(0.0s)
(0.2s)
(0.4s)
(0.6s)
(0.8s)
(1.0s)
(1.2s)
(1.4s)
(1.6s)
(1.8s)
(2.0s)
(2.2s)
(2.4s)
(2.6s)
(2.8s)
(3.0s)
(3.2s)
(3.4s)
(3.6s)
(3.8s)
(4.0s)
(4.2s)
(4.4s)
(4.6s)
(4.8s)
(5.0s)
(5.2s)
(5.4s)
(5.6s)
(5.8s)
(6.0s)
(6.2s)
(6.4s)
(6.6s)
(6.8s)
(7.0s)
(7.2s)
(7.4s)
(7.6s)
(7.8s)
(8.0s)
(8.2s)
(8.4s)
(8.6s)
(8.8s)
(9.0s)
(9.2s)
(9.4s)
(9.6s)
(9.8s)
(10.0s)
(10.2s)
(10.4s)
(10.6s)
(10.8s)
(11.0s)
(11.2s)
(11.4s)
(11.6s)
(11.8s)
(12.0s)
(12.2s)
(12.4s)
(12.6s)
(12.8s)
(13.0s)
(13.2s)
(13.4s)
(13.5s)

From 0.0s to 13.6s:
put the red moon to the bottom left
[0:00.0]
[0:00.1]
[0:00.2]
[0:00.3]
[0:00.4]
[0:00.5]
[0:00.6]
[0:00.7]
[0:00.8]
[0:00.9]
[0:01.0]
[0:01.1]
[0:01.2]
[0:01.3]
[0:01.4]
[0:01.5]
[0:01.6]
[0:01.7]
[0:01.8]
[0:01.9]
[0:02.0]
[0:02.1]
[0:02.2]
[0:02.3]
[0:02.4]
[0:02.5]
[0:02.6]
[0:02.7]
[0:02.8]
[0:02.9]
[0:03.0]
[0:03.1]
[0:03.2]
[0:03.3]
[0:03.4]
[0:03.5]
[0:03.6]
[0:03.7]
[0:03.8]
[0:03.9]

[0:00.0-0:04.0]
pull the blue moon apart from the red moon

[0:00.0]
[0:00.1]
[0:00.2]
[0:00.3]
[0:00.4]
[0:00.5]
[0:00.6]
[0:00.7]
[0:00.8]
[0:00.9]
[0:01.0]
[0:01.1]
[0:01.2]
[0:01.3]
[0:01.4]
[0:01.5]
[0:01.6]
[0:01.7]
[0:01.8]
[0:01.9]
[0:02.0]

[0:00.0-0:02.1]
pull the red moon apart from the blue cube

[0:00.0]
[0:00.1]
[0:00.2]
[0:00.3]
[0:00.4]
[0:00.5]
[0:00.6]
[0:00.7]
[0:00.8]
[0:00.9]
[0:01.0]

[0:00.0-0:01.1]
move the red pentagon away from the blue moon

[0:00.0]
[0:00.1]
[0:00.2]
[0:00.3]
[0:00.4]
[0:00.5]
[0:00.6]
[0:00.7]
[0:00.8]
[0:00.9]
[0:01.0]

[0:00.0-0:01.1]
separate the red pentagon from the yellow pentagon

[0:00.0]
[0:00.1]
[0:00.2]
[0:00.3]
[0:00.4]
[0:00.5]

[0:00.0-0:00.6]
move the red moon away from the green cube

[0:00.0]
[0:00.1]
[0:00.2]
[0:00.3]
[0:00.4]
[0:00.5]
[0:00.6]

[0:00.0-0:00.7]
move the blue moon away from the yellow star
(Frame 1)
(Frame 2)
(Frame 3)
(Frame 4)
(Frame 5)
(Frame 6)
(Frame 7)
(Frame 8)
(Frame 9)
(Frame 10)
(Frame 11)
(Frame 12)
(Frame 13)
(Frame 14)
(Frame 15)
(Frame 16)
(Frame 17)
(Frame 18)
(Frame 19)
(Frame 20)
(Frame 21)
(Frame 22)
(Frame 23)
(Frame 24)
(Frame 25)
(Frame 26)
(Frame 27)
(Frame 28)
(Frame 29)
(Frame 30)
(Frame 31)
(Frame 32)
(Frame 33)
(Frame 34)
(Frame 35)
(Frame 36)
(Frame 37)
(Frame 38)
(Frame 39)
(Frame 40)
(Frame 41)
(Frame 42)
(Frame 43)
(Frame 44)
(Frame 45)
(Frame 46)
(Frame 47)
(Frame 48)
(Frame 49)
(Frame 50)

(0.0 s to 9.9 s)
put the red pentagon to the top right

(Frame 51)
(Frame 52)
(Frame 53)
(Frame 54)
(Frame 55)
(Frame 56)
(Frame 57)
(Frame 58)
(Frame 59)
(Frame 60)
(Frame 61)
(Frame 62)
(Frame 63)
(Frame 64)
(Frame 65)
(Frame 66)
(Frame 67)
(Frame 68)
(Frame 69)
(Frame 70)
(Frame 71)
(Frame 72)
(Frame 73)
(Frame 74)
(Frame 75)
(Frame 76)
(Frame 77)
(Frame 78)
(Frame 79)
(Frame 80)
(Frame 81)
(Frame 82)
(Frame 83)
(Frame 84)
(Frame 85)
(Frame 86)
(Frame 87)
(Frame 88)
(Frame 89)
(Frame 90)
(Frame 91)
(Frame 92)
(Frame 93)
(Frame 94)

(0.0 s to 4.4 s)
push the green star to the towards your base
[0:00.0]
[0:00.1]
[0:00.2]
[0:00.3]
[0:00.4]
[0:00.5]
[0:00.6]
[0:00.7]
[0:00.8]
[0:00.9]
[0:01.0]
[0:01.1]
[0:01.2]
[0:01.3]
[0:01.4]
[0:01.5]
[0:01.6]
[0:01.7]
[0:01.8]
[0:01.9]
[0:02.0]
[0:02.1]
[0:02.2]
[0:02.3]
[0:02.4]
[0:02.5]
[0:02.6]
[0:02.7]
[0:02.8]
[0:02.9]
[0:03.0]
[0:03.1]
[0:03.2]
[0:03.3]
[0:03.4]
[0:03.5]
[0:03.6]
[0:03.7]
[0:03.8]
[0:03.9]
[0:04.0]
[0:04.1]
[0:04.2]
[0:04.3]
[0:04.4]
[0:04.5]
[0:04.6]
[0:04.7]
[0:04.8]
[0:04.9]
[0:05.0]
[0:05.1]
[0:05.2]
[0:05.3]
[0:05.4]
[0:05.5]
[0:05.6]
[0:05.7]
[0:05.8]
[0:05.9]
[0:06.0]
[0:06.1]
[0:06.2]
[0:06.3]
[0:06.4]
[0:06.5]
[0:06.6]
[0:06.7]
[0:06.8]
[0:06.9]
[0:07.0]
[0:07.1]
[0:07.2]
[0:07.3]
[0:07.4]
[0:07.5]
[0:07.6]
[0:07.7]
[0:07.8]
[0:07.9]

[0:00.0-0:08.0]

+===+

Exercise requirements: Reproduce each entry above character for character.

Finished exercise:
(0.0s)
(0.2s)
(0.4s)
(0.6s)
(0.8s)
(1.0s)
(1.2s)
(1.4s)
(1.6s)
(1.8s)
(2.0s)
(2.2s)
(2.4s)
(2.6s)
(2.8s)
(3.0s)
(3.2s)
(3.4s)
(3.6s)
(3.8s)
(4.0s)
(4.2s)
(4.4s)
(4.6s)
(4.8s)
(5.0s)
(5.2s)
(5.4s)
(5.6s)
(5.8s)
(6.0s)
(6.2s)
(6.4s)
(6.6s)
(6.8s)
(7.0s)
(7.2s)
(7.4s)
(7.6s)
(7.8s)
(8.0s)
(8.2s)
(8.4s)
(8.6s)
(8.8s)
(9.0s)
(9.2s)
(9.4s)
(9.6s)
(9.8s)
(10.0s)
(10.2s)
(10.4s)
(10.6s)
(10.8s)
(11.0s)
(11.2s)
(11.4s)
(11.6s)
(11.8s)
(12.0s)
(12.2s)
(12.4s)
(12.6s)
(12.8s)
(13.0s)
(13.2s)
(13.4s)
(13.5s)

From 0.0s to 13.6s:
put the red moon to the bottom left
[0:00.0]
[0:00.1]
[0:00.2]
[0:00.3]
[0:00.4]
[0:00.5]
[0:00.6]
[0:00.7]
[0:00.8]
[0:00.9]
[0:01.0]
[0:01.1]
[0:01.2]
[0:01.3]
[0:01.4]
[0:01.5]
[0:01.6]
[0:01.7]
[0:01.8]
[0:01.9]
[0:02.0]
[0:02.1]
[0:02.2]
[0:02.3]
[0:02.4]
[0:02.5]
[0:02.6]
[0:02.7]
[0:02.8]
[0:02.9]
[0:03.0]
[0:03.1]
[0:03.2]
[0:03.3]
[0:03.4]
[0:03.5]
[0:03.6]
[0:03.7]
[0:03.8]
[0:03.9]

[0:00.0-0:04.0]
pull the blue moon apart from the red moon

[0:00.0]
[0:00.1]
[0:00.2]
[0:00.3]
[0:00.4]
[0:00.5]
[0:00.6]
[0:00.7]
[0:00.8]
[0:00.9]
[0:01.0]
[0:01.1]
[0:01.2]
[0:01.3]
[0:01.4]
[0:01.5]
[0:01.6]
[0:01.7]
[0:01.8]
[0:01.9]
[0:02.0]

[0:00.0-0:02.1]
pull the red moon apart from the blue cube

[0:00.0]
[0:00.1]
[0:00.2]
[0:00.3]
[0:00.4]
[0:00.5]
[0:00.6]
[0:00.7]
[0:00.8]
[0:00.9]
[0:01.0]

[0:00.0-0:01.1]
move the red pentagon away from the blue moon

[0:00.0]
[0:00.1]
[0:00.2]
[0:00.3]
[0:00.4]
[0:00.5]
[0:00.6]
[0:00.7]
[0:00.8]
[0:00.9]
[0:01.0]

[0:00.0-0:01.1]
separate the red pentagon from the yellow pentagon

[0:00.0]
[0:00.1]
[0:00.2]
[0:00.3]
[0:00.4]
[0:00.5]

[0:00.0-0:00.6]
move the red moon away from the green cube

[0:00.0]
[0:00.1]
[0:00.2]
[0:00.3]
[0:00.4]
[0:00.5]
[0:00.6]

[0:00.0-0:00.7]
move the blue moon away from the yellow star
(Frame 1)
(Frame 2)
(Frame 3)
(Frame 4)
(Frame 5)
(Frame 6)
(Frame 7)
(Frame 8)
(Frame 9)
(Frame 10)
(Frame 11)
(Frame 12)
(Frame 13)
(Frame 14)
(Frame 15)
(Frame 16)
(Frame 17)
(Frame 18)
(Frame 19)
(Frame 20)
(Frame 21)
(Frame 22)
(Frame 23)
(Frame 24)
(Frame 25)
(Frame 26)
(Frame 27)
(Frame 28)
(Frame 29)
(Frame 30)
(Frame 31)
(Frame 32)
(Frame 33)
(Frame 34)
(Frame 35)
(Frame 36)
(Frame 37)
(Frame 38)
(Frame 39)
(Frame 40)
(Frame 41)
(Frame 42)
(Frame 43)
(Frame 44)
(Frame 45)
(Frame 46)
(Frame 47)
(Frame 48)
(Frame 49)
(Frame 50)

(0.0 s to 9.9 s)
put the red pentagon to the top right

(Frame 51)
(Frame 52)
(Frame 53)
(Frame 54)
(Frame 55)
(Frame 56)
(Frame 57)
(Frame 58)
(Frame 59)
(Frame 60)
(Frame 61)
(Frame 62)
(Frame 63)
(Frame 64)
(Frame 65)
(Frame 66)
(Frame 67)
(Frame 68)
(Frame 69)
(Frame 70)
(Frame 71)
(Frame 72)
(Frame 73)
(Frame 74)
(Frame 75)
(Frame 76)
(Frame 77)
(Frame 78)
(Frame 79)
(Frame 80)
(Frame 81)
(Frame 82)
(Frame 83)
(Frame 84)
(Frame 85)
(Frame 86)
(Frame 87)
(Frame 88)
(Frame 89)
(Frame 90)
(Frame 91)
(Frame 92)
(Frame 93)
(Frame 94)

(0.0 s to 4.4 s)
push the green star to the towards your base
[0:00.0]
[0:00.1]
[0:00.2]
[0:00.3]
[0:00.4]
[0:00.5]
[0:00.6]
[0:00.7]
[0:00.8]
[0:00.9]
[0:01.0]
[0:01.1]
[0:01.2]
[0:01.3]
[0:01.4]
[0:01.5]
[0:01.6]
[0:01.7]
[0:01.8]
[0:01.9]
[0:02.0]
[0:02.1]
[0:02.2]
[0:02.3]
[0:02.4]
[0:02.5]
[0:02.6]
[0:02.7]
[0:02.8]
[0:02.9]
[0:03.0]
[0:03.1]
[0:03.2]
[0:03.3]
[0:03.4]
[0:03.5]
[0:03.6]
[0:03.7]
[0:03.8]
[0:03.9]
[0:04.0]
[0:04.1]
[0:04.2]
[0:04.3]
[0:04.4]
[0:04.5]
[0:04.6]
[0:04.7]
[0:04.8]
[0:04.9]
[0:05.0]
[0:05.1]
[0:05.2]
[0:05.3]
[0:05.4]
[0:05.5]
[0:05.6]
[0:05.7]
[0:05.8]
[0:05.9]
[0:06.0]
[0:06.1]
[0:06.2]
[0:06.3]
[0:06.4]
[0:06.5]
[0:06.6]
[0:06.7]
[0:06.8]
[0:06.9]
[0:07.0]
[0:07.1]
[0:07.2]
[0:07.3]
[0:07.4]
[0:07.5]
[0:07.6]
[0:07.7]
[0:07.8]
[0:07.9]

[0:00.0-0:08.0]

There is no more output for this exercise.